→ Your instructions
Before returning the data, strip out the pictures and keep everything else exactly the same.

→ Listed entries
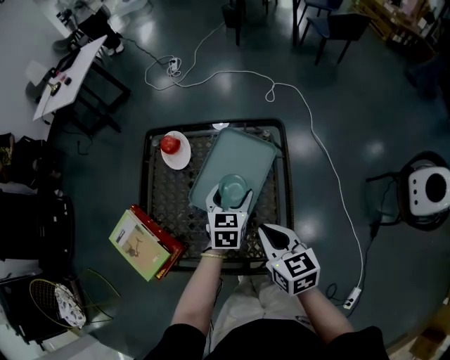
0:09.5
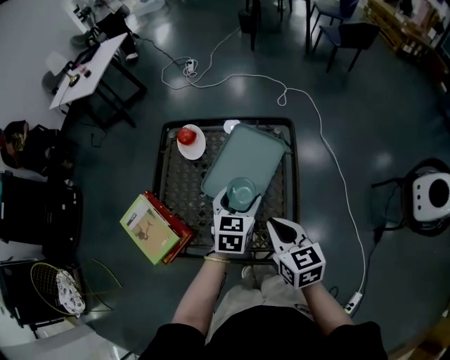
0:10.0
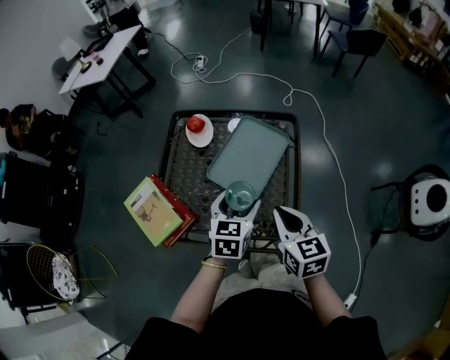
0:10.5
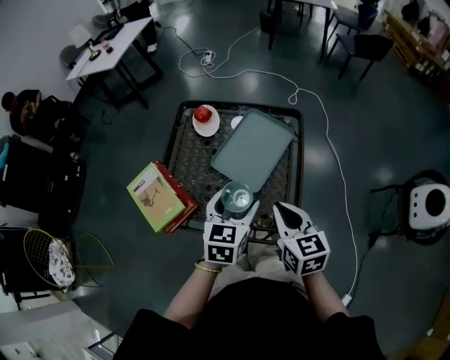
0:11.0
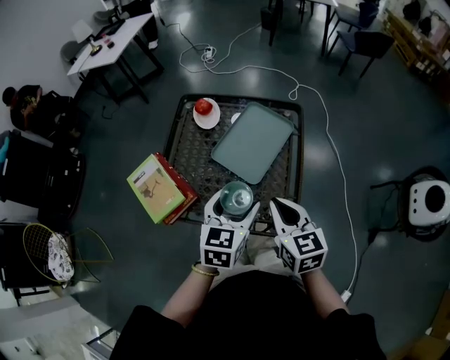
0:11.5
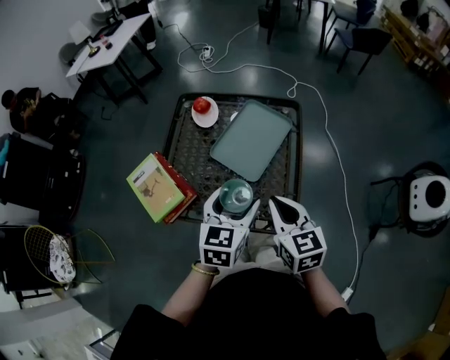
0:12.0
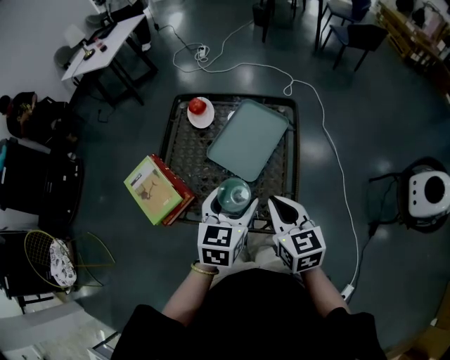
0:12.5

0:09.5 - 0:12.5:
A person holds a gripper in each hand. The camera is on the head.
0:09.5 - 0:11.0: The left gripper shifts roughly 20 cm backward and upward; the right gripper is displaced backward and upward by approximately 10 cm.
0:11.0 - 0:12.5: The grippers stay close to where they were, moving slightly.
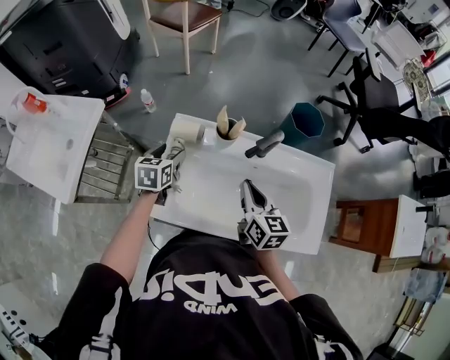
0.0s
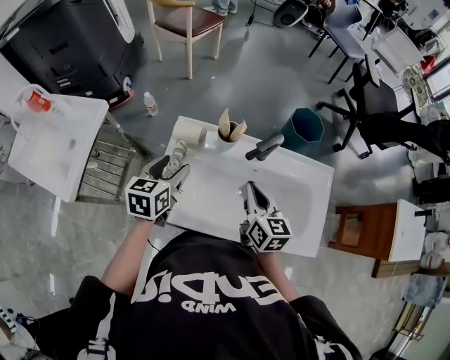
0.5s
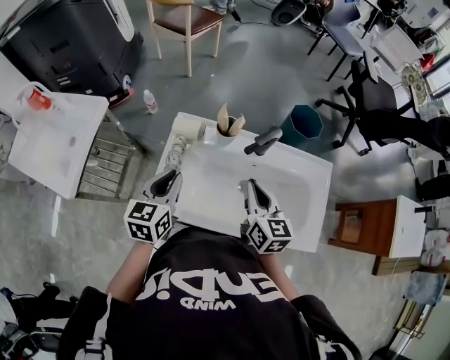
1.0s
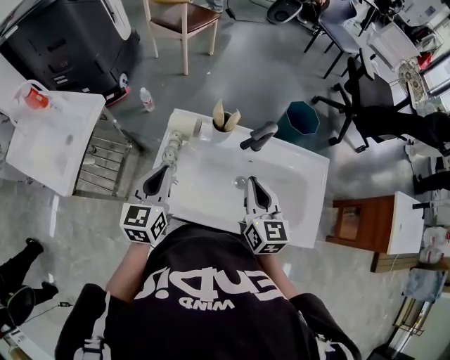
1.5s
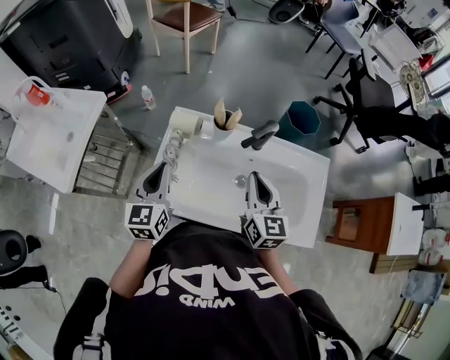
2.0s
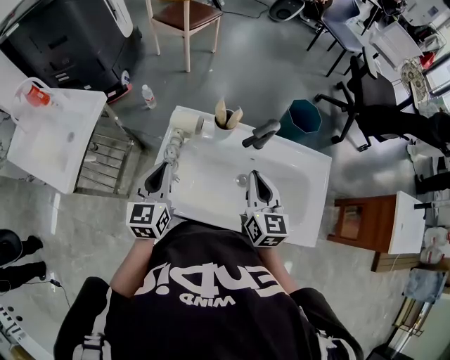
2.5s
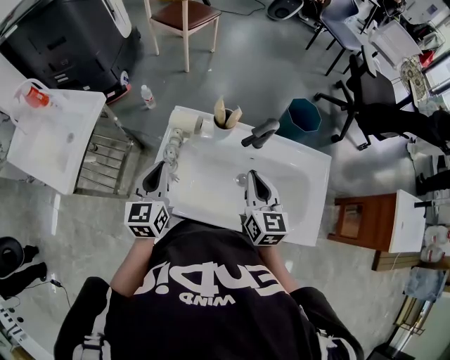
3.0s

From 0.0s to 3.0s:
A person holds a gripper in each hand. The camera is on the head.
From 0.0s to 1.5s: The right gripper shifts by some 5 cm. The left gripper travels upward and backward by about 15 cm, changes its angle by some 20 degrees, and closes its fingers.
From 1.5s to 3.0s: There are only small adjustments of the grippers.

→ Task solution
0:09.5
0:10.0
0:10.5
0:11.0
0:11.5
0:12.0
0:12.5

0:09.5 - 0:12.5:
A person holds a gripper in each hand. The camera is on the head.
0:09.5 - 0:11.0: The left gripper shifts roughly 20 cm backward and upward; the right gripper is displaced backward and upward by approximately 10 cm.
0:11.0 - 0:12.5: The grippers stay close to where they were, moving slightly.
0.0s
0.5s
1.0s
1.5s
2.0s
2.5s
3.0s

From 0.0s to 3.0s:
A person holds a gripper in each hand. The camera is on the head.
From 0.0s to 1.5s: The right gripper shifts by some 5 cm. The left gripper travels upward and backward by about 15 cm, changes its angle by some 20 degrees, and closes its fingers.
From 1.5s to 3.0s: There are only small adjustments of the grippers.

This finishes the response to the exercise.